> YOUR OBJECTIVE: Write down each of the records again, exactly and in full.

------ SOURCE RECORDS ------

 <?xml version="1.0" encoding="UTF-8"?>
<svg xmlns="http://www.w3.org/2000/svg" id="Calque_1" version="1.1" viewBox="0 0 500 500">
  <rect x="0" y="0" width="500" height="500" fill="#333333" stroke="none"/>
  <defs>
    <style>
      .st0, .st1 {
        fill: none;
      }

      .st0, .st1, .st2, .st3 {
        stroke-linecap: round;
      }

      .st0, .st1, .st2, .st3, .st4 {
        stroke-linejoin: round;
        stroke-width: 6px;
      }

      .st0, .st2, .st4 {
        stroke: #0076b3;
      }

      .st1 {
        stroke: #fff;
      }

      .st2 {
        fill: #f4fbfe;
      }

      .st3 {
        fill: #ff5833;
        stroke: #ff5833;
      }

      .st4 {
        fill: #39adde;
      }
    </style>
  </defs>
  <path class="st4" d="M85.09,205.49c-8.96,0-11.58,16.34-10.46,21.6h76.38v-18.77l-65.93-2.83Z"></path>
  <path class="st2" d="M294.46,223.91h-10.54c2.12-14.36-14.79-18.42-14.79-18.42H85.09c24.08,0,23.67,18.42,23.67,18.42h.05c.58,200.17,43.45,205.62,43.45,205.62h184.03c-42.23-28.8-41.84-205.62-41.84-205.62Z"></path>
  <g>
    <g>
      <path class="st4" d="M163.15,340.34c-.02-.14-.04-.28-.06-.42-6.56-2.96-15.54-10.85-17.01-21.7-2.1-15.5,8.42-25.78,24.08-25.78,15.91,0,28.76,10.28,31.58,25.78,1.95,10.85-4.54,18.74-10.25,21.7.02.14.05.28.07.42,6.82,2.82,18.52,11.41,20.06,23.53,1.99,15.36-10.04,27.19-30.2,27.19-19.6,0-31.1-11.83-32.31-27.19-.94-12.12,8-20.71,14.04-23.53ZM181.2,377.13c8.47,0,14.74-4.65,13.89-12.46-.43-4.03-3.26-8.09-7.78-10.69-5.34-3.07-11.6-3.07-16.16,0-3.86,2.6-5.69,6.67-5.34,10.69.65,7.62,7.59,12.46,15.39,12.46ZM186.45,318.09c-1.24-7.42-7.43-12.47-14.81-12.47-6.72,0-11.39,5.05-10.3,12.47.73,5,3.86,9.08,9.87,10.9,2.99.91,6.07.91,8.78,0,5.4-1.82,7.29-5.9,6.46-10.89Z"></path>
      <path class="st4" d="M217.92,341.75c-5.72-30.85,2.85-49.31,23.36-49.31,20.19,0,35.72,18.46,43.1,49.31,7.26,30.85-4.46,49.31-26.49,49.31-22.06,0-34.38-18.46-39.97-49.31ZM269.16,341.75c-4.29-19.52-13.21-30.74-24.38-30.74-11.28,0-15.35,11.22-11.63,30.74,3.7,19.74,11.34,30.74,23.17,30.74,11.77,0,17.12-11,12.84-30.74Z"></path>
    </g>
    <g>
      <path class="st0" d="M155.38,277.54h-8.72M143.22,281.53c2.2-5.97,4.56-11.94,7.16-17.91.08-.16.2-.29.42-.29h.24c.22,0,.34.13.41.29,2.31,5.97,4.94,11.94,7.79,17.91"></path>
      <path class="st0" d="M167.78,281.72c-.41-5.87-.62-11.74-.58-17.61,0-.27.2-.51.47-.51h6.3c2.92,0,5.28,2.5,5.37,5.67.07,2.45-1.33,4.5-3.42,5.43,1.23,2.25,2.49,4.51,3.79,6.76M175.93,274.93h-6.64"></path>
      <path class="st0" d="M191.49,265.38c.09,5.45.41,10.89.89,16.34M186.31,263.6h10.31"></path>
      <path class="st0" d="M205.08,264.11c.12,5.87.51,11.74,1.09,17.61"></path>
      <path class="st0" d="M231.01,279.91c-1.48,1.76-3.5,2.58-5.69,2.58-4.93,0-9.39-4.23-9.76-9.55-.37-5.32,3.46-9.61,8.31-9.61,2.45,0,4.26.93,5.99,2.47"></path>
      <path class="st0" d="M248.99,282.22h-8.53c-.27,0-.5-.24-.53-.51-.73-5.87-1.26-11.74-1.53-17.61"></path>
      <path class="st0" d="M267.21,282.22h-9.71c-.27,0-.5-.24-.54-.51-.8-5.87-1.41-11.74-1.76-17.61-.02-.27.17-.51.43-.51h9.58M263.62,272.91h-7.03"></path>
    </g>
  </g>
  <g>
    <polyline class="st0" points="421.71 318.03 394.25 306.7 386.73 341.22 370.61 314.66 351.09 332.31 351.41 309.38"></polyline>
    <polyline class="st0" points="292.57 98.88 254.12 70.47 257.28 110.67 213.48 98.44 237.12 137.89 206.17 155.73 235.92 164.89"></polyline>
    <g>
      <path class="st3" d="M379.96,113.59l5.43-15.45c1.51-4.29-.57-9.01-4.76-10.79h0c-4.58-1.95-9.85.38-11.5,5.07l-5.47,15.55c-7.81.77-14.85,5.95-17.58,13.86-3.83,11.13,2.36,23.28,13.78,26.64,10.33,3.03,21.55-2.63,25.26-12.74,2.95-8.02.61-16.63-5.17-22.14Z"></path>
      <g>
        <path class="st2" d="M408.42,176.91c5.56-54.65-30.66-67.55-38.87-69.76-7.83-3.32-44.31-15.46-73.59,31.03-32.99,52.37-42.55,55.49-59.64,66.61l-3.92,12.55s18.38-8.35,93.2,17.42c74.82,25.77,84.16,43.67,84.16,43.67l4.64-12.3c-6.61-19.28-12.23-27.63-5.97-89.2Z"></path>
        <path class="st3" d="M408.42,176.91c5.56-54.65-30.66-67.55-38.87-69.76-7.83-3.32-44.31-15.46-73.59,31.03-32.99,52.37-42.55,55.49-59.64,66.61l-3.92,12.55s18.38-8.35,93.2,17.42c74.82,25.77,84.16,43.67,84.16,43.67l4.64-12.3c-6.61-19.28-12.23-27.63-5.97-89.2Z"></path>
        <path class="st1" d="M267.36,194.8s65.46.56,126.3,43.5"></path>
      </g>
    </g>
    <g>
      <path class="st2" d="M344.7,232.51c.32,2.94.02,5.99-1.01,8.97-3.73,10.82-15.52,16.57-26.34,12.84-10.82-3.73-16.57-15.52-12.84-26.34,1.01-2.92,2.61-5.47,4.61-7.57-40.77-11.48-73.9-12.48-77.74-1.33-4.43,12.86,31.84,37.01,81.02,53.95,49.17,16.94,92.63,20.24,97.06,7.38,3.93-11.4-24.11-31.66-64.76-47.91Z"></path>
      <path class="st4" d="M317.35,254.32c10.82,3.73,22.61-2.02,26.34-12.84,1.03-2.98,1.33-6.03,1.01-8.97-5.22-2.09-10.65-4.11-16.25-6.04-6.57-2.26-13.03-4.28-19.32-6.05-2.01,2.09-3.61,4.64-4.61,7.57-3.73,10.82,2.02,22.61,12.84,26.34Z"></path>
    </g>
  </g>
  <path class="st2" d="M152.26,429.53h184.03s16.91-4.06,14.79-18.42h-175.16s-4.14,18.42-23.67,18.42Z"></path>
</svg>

------

> SOLUTION TO THE EXERCISE:
 <?xml version="1.0" encoding="UTF-8"?>
<svg xmlns="http://www.w3.org/2000/svg" id="Calque_1" version="1.1" viewBox="0 0 500 500">
  <rect x="0" y="0" width="500" height="500" fill="#333333" stroke="none"/>
  <defs>
    <style>
      .st0, .st1 {
        fill: none;
      }

      .st0, .st1, .st2, .st3 {
        stroke-linecap: round;
      }

      .st0, .st1, .st2, .st3, .st4 {
        stroke-linejoin: round;
        stroke-width: 6px;
      }

      .st0, .st2, .st4 {
        stroke: #0076b3;
      }

      .st1 {
        stroke: #fff;
      }

      .st2 {
        fill: #f4fbfe;
      }

      .st3 {
        fill: #ff5833;
        stroke: #ff5833;
      }

      .st4 {
        fill: #39adde;
      }
    </style>
  </defs>
  <path class="st4" d="M85.09,205.49c-8.96,0-11.58,16.34-10.46,21.6h76.38v-18.77l-65.93-2.83Z"></path>
  <path class="st2" d="M294.46,223.91h-10.54c2.12-14.36-14.79-18.42-14.79-18.42H85.09c24.08,0,23.67,18.42,23.67,18.42h.05c.58,200.17,43.45,205.62,43.45,205.62h184.03c-42.23-28.8-41.84-205.62-41.84-205.62Z"></path>
  <g>
    <g>
      <path class="st4" d="M163.15,340.34c-.02-.14-.04-.28-.06-.42-6.56-2.96-15.54-10.85-17.01-21.7-2.1-15.5,8.42-25.78,24.08-25.78,15.91,0,28.76,10.28,31.58,25.78,1.95,10.85-4.54,18.74-10.25,21.7.02.14.05.28.07.42,6.82,2.82,18.52,11.41,20.06,23.53,1.99,15.36-10.04,27.19-30.2,27.19-19.6,0-31.1-11.83-32.31-27.19-.94-12.12,8-20.71,14.04-23.53ZM181.2,377.13c8.47,0,14.74-4.65,13.89-12.46-.43-4.03-3.26-8.09-7.78-10.69-5.34-3.07-11.6-3.07-16.16,0-3.86,2.6-5.69,6.67-5.34,10.69.65,7.62,7.59,12.46,15.39,12.46ZM186.45,318.09c-1.24-7.42-7.43-12.47-14.81-12.47-6.72,0-11.39,5.05-10.3,12.47.73,5,3.86,9.08,9.87,10.9,2.99.91,6.07.91,8.78,0,5.4-1.82,7.29-5.9,6.46-10.89Z"></path>
      <path class="st4" d="M217.92,341.75c-5.72-30.85,2.85-49.31,23.36-49.31,20.19,0,35.72,18.46,43.1,49.31,7.26,30.85-4.46,49.31-26.49,49.31-22.06,0-34.38-18.46-39.97-49.31ZM269.16,341.75c-4.29-19.52-13.21-30.74-24.38-30.74-11.28,0-15.35,11.22-11.63,30.74,3.7,19.74,11.34,30.74,23.17,30.74,11.77,0,17.12-11,12.84-30.74Z"></path>
    </g>
    <g>
      <path class="st0" d="M155.38,277.54h-8.72M143.22,281.53c2.2-5.97,4.56-11.94,7.16-17.91.08-.16.2-.29.42-.29h.24c.22,0,.34.13.41.29,2.31,5.97,4.94,11.94,7.79,17.91"></path>
      <path class="st0" d="M167.78,281.72c-.41-5.87-.62-11.74-.58-17.61,0-.27.2-.51.47-.51h6.3c2.92,0,5.28,2.5,5.37,5.67.07,2.45-1.33,4.5-3.42,5.43,1.23,2.25,2.49,4.51,3.79,6.76M175.93,274.93h-6.64"></path>
      <path class="st0" d="M191.49,265.38c.09,5.45.41,10.89.89,16.34M186.31,263.6h10.31"></path>
      <path class="st0" d="M205.08,264.11c.12,5.87.51,11.74,1.09,17.61"></path>
      <path class="st0" d="M231.01,279.91c-1.48,1.76-3.5,2.58-5.69,2.58-4.93,0-9.39-4.23-9.76-9.55-.37-5.32,3.46-9.61,8.31-9.61,2.45,0,4.26.93,5.99,2.47"></path>
      <path class="st0" d="M248.99,282.22h-8.53c-.27,0-.5-.24-.53-.51-.73-5.87-1.26-11.74-1.53-17.61"></path>
      <path class="st0" d="M267.21,282.22h-9.71c-.27,0-.5-.24-.54-.51-.8-5.87-1.41-11.74-1.76-17.61-.02-.27.17-.51.43-.51h9.58M263.62,272.91h-7.03"></path>
    </g>
  </g>
  <g>
    <polyline class="st0" points="421.71 318.03 394.25 306.7 386.73 341.22 370.61 314.66 351.09 332.31 351.41 309.38"></polyline>
    <polyline class="st0" points="292.57 98.88 254.12 70.47 257.28 110.67 213.48 98.44 237.12 137.89 206.17 155.73 235.92 164.89"></polyline>
    <g>
      <path class="st3" d="M379.96,113.59l5.43-15.45c1.51-4.29-.57-9.01-4.76-10.79h0c-4.58-1.95-9.85.38-11.5,5.07l-5.47,15.55c-7.81.77-14.85,5.95-17.58,13.86-3.83,11.13,2.36,23.28,13.78,26.64,10.33,3.03,21.55-2.63,25.26-12.74,2.95-8.02.61-16.63-5.17-22.14Z"></path>
      <g>
        <path class="st2" d="M408.42,176.91c5.56-54.65-30.66-67.55-38.87-69.76-7.83-3.32-44.31-15.46-73.59,31.03-32.99,52.37-42.55,55.49-59.64,66.61l-3.92,12.55s18.38-8.35,93.2,17.42c74.82,25.77,84.16,43.67,84.16,43.67l4.64-12.3c-6.61-19.28-12.23-27.63-5.97-89.2Z"></path>
        <path class="st3" d="M408.42,176.91c5.56-54.65-30.66-67.55-38.87-69.76-7.83-3.32-44.31-15.46-73.59,31.03-32.99,52.37-42.55,55.49-59.64,66.61l-3.92,12.55s18.38-8.35,93.2,17.42c74.82,25.77,84.16,43.67,84.16,43.67l4.64-12.3c-6.61-19.28-12.23-27.63-5.97-89.2Z"></path>
        <path class="st1" d="M267.36,194.8s65.46.56,126.3,43.5"></path>
      </g>
    </g>
    <g>
      <path class="st2" d="M344.7,232.51c.32,2.94.02,5.99-1.01,8.97-3.73,10.82-15.52,16.57-26.34,12.84-10.82-3.73-16.57-15.52-12.84-26.34,1.01-2.92,2.61-5.47,4.61-7.57-40.77-11.48-73.9-12.48-77.74-1.33-4.43,12.86,31.84,37.01,81.02,53.95,49.17,16.94,92.63,20.24,97.06,7.38,3.93-11.4-24.11-31.66-64.76-47.91Z"></path>
      <path class="st4" d="M317.35,254.32c10.82,3.73,22.61-2.02,26.34-12.84,1.03-2.98,1.33-6.03,1.01-8.97-5.22-2.09-10.65-4.11-16.25-6.04-6.57-2.26-13.03-4.28-19.32-6.05-2.01,2.09-3.61,4.64-4.61,7.57-3.73,10.82,2.02,22.61,12.84,26.34Z"></path>
    </g>
  </g>
  <path class="st2" d="M152.26,429.53h184.03s16.91-4.06,14.79-18.42h-175.16s-4.14,18.42-23.67,18.42Z"></path>
</svg>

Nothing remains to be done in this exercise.